Tandberg Television was already a major player in video compression when it launched headlong into ILEC IPTV with its $80 million acquisition of SkyStream last March. Jim Olson was president and CEO of SkyStream at the time. He's now executive vice president of corporate development for Tandberg Television.

"SkyStream was entirely focused on smaller telcos and a number of very large telcos outside the United States," he said.

The SkyStream line, now sporting the Tandberg Television name, included the MPEG-2/AVC Mediaplex-20 headend and iPlex, an edge headend for adding local channels. Rochester Telephone is using two Mediaplex-20s in its MPEG-2, fiber-to-the-home operation.


Across the country, an overall snapshot of the local exchange infrastructure would reveal a mix of copper and fiber. Some operations use a fiber core with copper to the home. Others take fiber to the curb or all the way to the home, particularly in new developments. Rochester is going all the way. Riggle said the company serves about 6,000 households in a 240-square-mile area. The entire fiber build-out should be done in three years.

"It will be a nine-year capital investment run of about $9 million," he said.

Rochester decided to go all fiber after doing fiber to the curb at a nearby competitive exchange.

"We realized that just going to the curb doesn't really help you out. You have to go to the home," he said. "We could see the demand for speed was not going to let up. Why not build an infrastructure that would serve us for years to come?"

As for return on investment, "it's gonna take a while, but we're in it for the long term. We've been here 111 years. When you think about what brought us to the industry, the dance isn't always gonna be there... we've got to have diversity. Video is one of those things, ISP is another. We're just trying to make sure we stay here another 111 years."

Rochester now has around 1,700 subscribers on a legacy analog TV service; the 205-channel digital IPTV service is in the process of being launched.

Canby Telecom in Canby, Ore., went up with their IPTV service in October 2005. The company has 900 video subscribers in an 80-square-mile market of 8,500 homes, said Keith Galitz, the general manager.

"The plant is copper to the house, and we're totally rewiring the houses.
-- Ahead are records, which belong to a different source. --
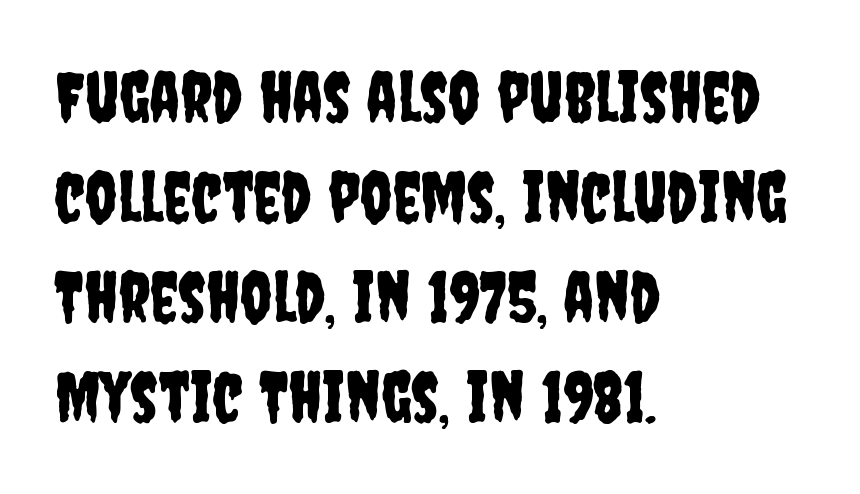
{"serif": "no", "italic": "no", "width": "condensed", "stroke_contrast": "low", "x_height": "large", "monospaced": "no", "underline": "no", "align": "left", "line_spacing": "normal", "line_spacing_ratio": 1.43, "letter_spacing": "normal", "letter_spacing_em": 0.0, "glyph_px": 70}
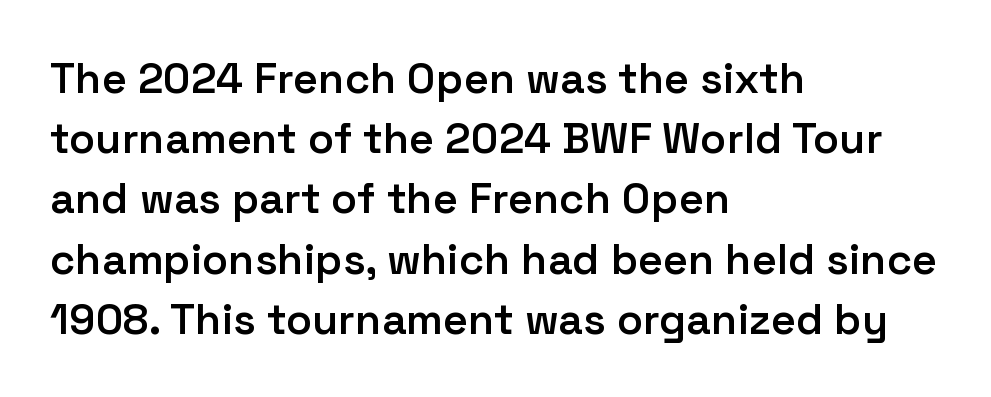
{"serif": "no", "italic": "no", "bold": "semi", "weight": "semibold", "width": "normal", "stroke_contrast": "low", "x_height": "medium", "monospaced": "no", "underline": "no", "align": "left", "line_spacing": "normal", "line_spacing_ratio": 1.4, "letter_spacing": "normal", "letter_spacing_em": 0.0, "glyph_px": 43}
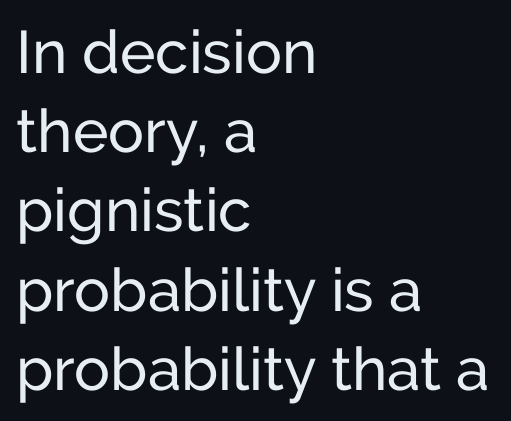
The image shows 60 px sans-serif type, upright; set left-aligned, normal line spacing (1.32x), normal letter spacing, not underlined; low stroke contrast and a medium x-height.
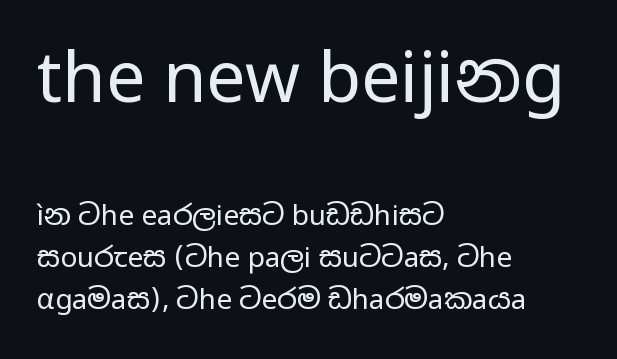
The image shows 70 px regular-weight, wide sans-serif type, upright; set left-aligned, normal line spacing (1.51x), normal letter spacing, not underlined; the first (top) block is 2.5x larger; low stroke contrast and a medium x-height.
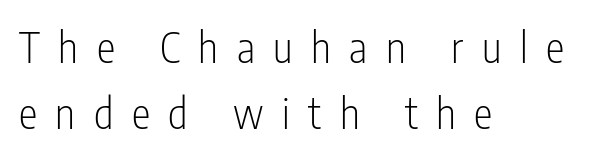
These lines are rendered in a variable-pitch font. This rendering features lettering with no underline. The lettering holds an erect, upright posture throughout. No letter is thick-stroked: the sample isn't bold.
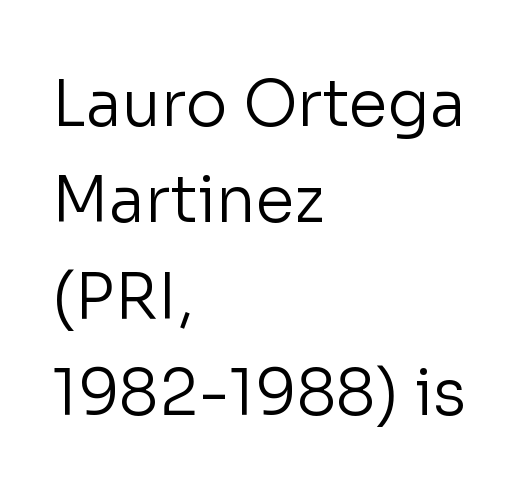
The image shows 63 px regular-weight sans-serif type, upright; set left-aligned, normal line spacing (1.53x), normal letter spacing, not underlined; low stroke contrast and a medium x-height.
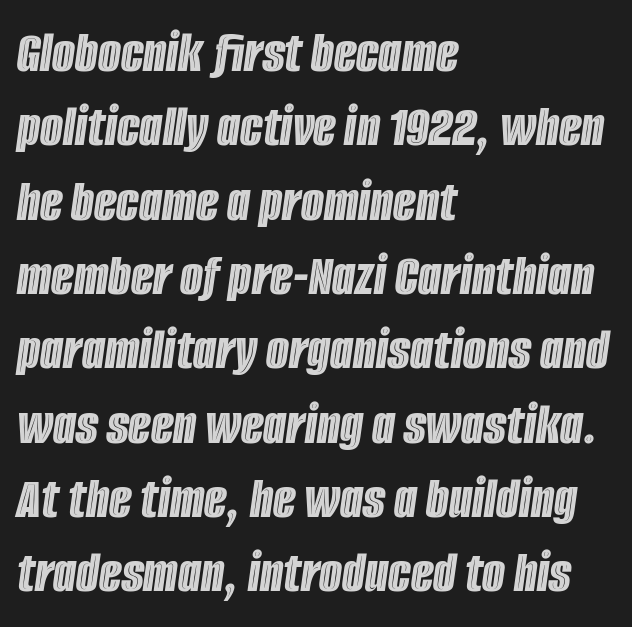
{"italic": "yes", "lean": "right", "slant_degrees": 8, "width": "condensed", "x_height": "large", "monospaced": "no", "underline": "no", "align": "left", "line_spacing": "normal", "line_spacing_ratio": 1.26, "letter_spacing": "normal", "letter_spacing_em": 0.0, "glyph_px": 59}

We've launched fiber-to-the-home in new developments and fiber overlay in certain areas," he said.

"We're adding between 60 and 65 customers a month."
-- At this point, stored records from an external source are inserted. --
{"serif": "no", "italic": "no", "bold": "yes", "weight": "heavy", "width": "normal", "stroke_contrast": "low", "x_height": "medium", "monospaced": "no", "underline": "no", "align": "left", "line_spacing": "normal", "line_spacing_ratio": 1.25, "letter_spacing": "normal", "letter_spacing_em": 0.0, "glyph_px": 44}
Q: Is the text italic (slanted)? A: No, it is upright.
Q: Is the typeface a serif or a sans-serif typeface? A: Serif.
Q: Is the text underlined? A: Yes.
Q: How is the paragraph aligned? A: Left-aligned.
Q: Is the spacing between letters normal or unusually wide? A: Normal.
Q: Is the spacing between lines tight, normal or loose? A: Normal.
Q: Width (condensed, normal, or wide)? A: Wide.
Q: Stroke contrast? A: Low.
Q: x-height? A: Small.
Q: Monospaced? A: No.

Like Rochester and Matanuska, Canby has its own dish farm to pull in programming. Individually, ILECs would be hard pressed to negotiate deals with hundreds of networks, but in this case, all three are members of the National Cable Television Cooperative. The NCTC negotiates programming deals as a collective representing 9 million subscribers--making it the third largest cable company in the United States.
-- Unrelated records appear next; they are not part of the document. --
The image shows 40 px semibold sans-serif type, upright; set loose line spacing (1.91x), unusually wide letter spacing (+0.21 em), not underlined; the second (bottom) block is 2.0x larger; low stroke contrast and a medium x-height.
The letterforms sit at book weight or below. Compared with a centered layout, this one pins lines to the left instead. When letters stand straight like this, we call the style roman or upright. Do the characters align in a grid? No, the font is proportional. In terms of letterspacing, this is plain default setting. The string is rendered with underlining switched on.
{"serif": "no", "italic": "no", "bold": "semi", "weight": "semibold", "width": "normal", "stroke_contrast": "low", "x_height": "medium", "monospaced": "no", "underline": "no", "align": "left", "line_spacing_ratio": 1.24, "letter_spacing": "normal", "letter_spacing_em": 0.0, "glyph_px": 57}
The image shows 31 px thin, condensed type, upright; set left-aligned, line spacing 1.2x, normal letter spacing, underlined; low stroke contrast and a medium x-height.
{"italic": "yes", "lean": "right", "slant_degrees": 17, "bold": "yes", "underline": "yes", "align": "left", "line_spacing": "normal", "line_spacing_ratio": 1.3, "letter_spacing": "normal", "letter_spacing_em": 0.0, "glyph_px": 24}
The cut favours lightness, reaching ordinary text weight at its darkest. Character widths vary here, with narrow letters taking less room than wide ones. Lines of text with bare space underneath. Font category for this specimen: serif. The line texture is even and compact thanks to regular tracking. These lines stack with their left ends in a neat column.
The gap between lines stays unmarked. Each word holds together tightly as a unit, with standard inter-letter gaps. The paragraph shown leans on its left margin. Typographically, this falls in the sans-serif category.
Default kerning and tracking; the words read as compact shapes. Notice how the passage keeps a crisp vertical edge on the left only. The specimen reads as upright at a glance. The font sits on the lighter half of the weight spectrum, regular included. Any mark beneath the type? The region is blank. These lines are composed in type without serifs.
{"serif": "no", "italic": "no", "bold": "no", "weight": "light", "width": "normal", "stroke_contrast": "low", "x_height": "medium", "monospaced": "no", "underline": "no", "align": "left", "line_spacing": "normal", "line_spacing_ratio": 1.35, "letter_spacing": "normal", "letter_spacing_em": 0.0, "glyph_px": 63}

However, the NCTC put a moratorium on new memberships last year as ILECs got serious about IPTV. Without a negotiating collective, 6,000-line ILECs like Canby have to pitch the likes of Viacom, Disney and Fox. It's doable--Galitz cut deals with six major cable nets for Canby's IPTV offering on top of the NCTC arrangement; but that's still six out of around 200.

McGuire said NTCA (the phone co-op lobby) is putting together a master programming agreement for members. Concurrently, the NTCA along with the National Rural Telecommunications Cooperative is working on a turnkey IPTV system with SES Americom, the Princeton, N.J. satellite operator. The system, IP-Prime, is a program distribution platform similar to Headend in the Sky operated by Comcast. SES Americom aggregates programming at its facility in Vernon Valley, N.J., encodes it for IP, compresses it with MPEG-4 and transmits it via satellite.

With IP-Prime, Brian McGuirk points out that ILECs can get into the digital TV business for the price of a receiver dish and three to five racks of equipment--less than one-tenth of the price of building a full-fledged $4 million headend. McGuirk is president of media sales for SES Americom.

"It's a great flip for the telco, putting capital into programming instead," he said.

There will also be a regular fee based on how many channels an ILEC takes. IP-Prime is in currently in beta at four rural cooperatives, and is expected to become available to ILECs either by the end of this year or early next year.

"Everyone can sort of see the finish line," McGuirk said.